Using spatial joins, I created a dataset of intersections between each tract and a five-mile buffer around its centroid. This is surprisingly fast, and gives results that are close to the reference solution:

inner_join(pop_within_5_mi, states) %>% 
  filter(pop_within_five != 0) %>% # this drops 18 or so tracts
  mutate(log_pop_within_five = log(pop_within_five)) %>% 
  group_by(state) %>% 
  summarise(avg_log_pop_within_five = mean(log_pop_within_five, na.rm = TRUE)) %>% 
  arrange(desc(avg_log_pop_within_five))
state avg_log_pop_within_five
District of Columbia 13.609898
New York 12.923677
New Jersey 12.561995
California 12.555172
Massachusetts 12.250144
Maryland 12.223699
Nevada 12.176492
Illinois 12.132436
Rhode Island 12.114554
Florida 11.989963
Puerto Rico 11.987275
Arizona 11.907076
Connecticut 11.885447
Pennsylvania 11.796463
Texas 11.743707
Hawaii 11.690124
Utah 11.684077
Colorado 11.679461
Virginia 11.669739
Ohio 11.669211
Washington 11.661034
Delaware 11.646092
Michigan 11.545489
Georgia 11.408529
Oregon 11.371397
Indiana 11.267387
Louisiana 11.249018
North Carolina 11.240352
Minnesota 11.188313
Tennessee 11.160029
Wisconsin 11.149746
Missouri 11.146195
South Carolina 11.056779
New Hampshire 10.935114
Kentucky 10.910523
Oklahoma 10.900421
Alabama 10.791752
New Mexico 10.750496
Nebraska 10.725683
Kansas 10.713352
Idaho 10.535197
West Virginia 10.445101
Arkansas 10.360037
Mississippi 10.343037
Iowa 10.298608
Maine 10.135474
Vermont 10.094946
Alaska 9.940388
Wyoming 9.773519
South Dakota 9.607456
Montana 9.514699
North Dakota 9.415500

one more alternative approach

Rather than intersecting tract boundaries with the five-mile buffer from their centroids, I tried using st_is_within_distance to join the data frame of tract centroids to itself.

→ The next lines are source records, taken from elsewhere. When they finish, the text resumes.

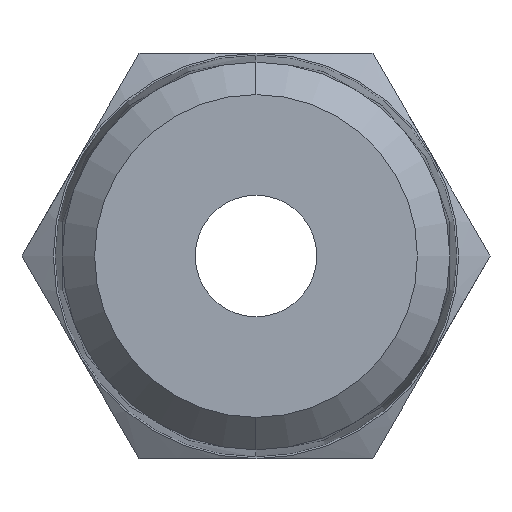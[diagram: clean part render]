
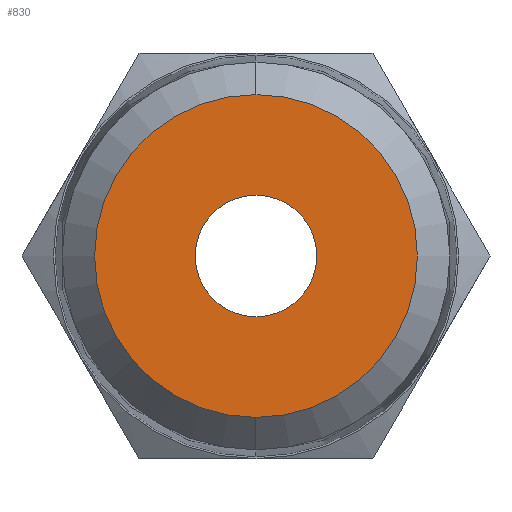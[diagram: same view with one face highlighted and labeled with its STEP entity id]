
A CAD part, front view. The second image highlights one B-rep face of the part: STEP entity #830.
In plain terms, the highlighted planar face has unit normal (0, -1, 0).
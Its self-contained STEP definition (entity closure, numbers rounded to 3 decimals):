
#8 = AXIS2_PLACEMENT_3D ( 'NONE', #950, #986, #1003 ) ;
#25 = AXIS2_PLACEMENT_3D ( 'NONE', #897, #892, #888 ) ;
#30 = AXIS2_PLACEMENT_3D ( 'NONE', #1163, #858, #857 ) ;
#35 = AXIS2_PLACEMENT_3D ( 'NONE', #1492, #1505, #1587 ) ;
#108 = EDGE_CURVE ( 'NONE', #1650, #1534, #573, .T. ) ;
#128 = AXIS2_PLACEMENT_3D ( 'NONE', #1576, #1608, #1549 ) ;
#161 = EDGE_CURVE ( 'NONE', #1534, #1650, #385, .T. ) ;
#186 = EDGE_CURVE ( 'NONE', #1648, #1423, #343, .T. ) ;
#212 = EDGE_CURVE ( 'NONE', #1423, #1648, #244, .T. ) ;
#244 = CIRCLE ( 'NONE', #25, 1.5 ) ;
#340 = FACE_BOUND ( 'NONE', #583, .T. ) ;
#343 = CIRCLE ( 'NONE', #30, 1.5 ) ;
#385 = CIRCLE ( 'NONE', #35, 3.982 ) ;
#433 = FACE_OUTER_BOUND ( 'NONE', #492, .T. ) ;
#492 = EDGE_LOOP ( 'NONE', ( #657, #634 ) ) ;
#573 = CIRCLE ( 'NONE', #128, 3.982 ) ;
#583 = EDGE_LOOP ( 'NONE', ( #660, #659 ) ) ;
#634 = ORIENTED_EDGE ( 'NONE', *, *, #108, .T. ) ;
#657 = ORIENTED_EDGE ( 'NONE', *, *, #161, .T. ) ;
#659 = ORIENTED_EDGE ( 'NONE', *, *, #212, .F. ) ;
#660 = ORIENTED_EDGE ( 'NONE', *, *, #186, .F. ) ;
#830 = ADVANCED_FACE ( 'NONE', ( #340, #433 ), #1135, .T. ) ;
#857 = DIRECTION ( 'NONE',  ( 0., 0., -1. ) ) ;
#858 = DIRECTION ( 'NONE',  ( 0., -1., 0. ) ) ;
#888 = DIRECTION ( 'NONE',  ( 0., 0., -1. ) ) ;
#892 = DIRECTION ( 'NONE',  ( 0., -1., 0. ) ) ;
#897 = CARTESIAN_POINT ( 'NONE',  ( 0., 0., 0. ) ) ;
#950 = CARTESIAN_POINT ( 'NONE',  ( 0., 0., 0. ) ) ;
#986 = DIRECTION ( 'NONE',  ( 0., -1., 0. ) ) ;
#1003 = DIRECTION ( 'NONE',  ( 0., 0., -1. ) ) ;
#1135 = PLANE ( 'NONE',  #8 ) ;
#1163 = CARTESIAN_POINT ( 'NONE',  ( 0., 0., 0. ) ) ;
#1243 = CARTESIAN_POINT ( 'NONE',  ( 0., 0., 1.5 ) ) ;
#1252 = CARTESIAN_POINT ( 'NONE',  ( 0., 0., -3.982 ) ) ;
#1334 = CARTESIAN_POINT ( 'NONE',  ( 0., 0., -1.5 ) ) ;
#1339 = CARTESIAN_POINT ( 'NONE',  ( 0., 0., 3.982 ) ) ;
#1423 = VERTEX_POINT ( 'NONE', #1243 ) ;
#1492 = CARTESIAN_POINT ( 'NONE',  ( 0., 0., 0. ) ) ;
#1505 = DIRECTION ( 'NONE',  ( 0., -1., 0. ) ) ;
#1534 = VERTEX_POINT ( 'NONE', #1339 ) ;
#1549 = DIRECTION ( 'NONE',  ( 0., 0., -1. ) ) ;
#1576 = CARTESIAN_POINT ( 'NONE',  ( 0., 0., 0. ) ) ;
#1587 = DIRECTION ( 'NONE',  ( 0., 0., -1. ) ) ;
#1608 = DIRECTION ( 'NONE',  ( 0., -1., 0. ) ) ;
#1648 = VERTEX_POINT ( 'NONE', #1334 ) ;
#1650 = VERTEX_POINT ( 'NONE', #1252 ) ;

Since no index is built, this is not as fast. It also gives results that match the reference less well. You can install the package from the centroid-self-join branch for a look at those.

how to get even closer?

fivethirtyeight do some tweaking of their index for tracts whose centroid is further than five miles away from other tract centroids:

For a census tract that is more than 5 miles away any other census tract (centroid to centroid), this number is decreased based on the minimum distance to the nearest census tract

I might be using the wrong projection for this kind of analysis.

There may be a better spatial join for expressing the relationship described in the article.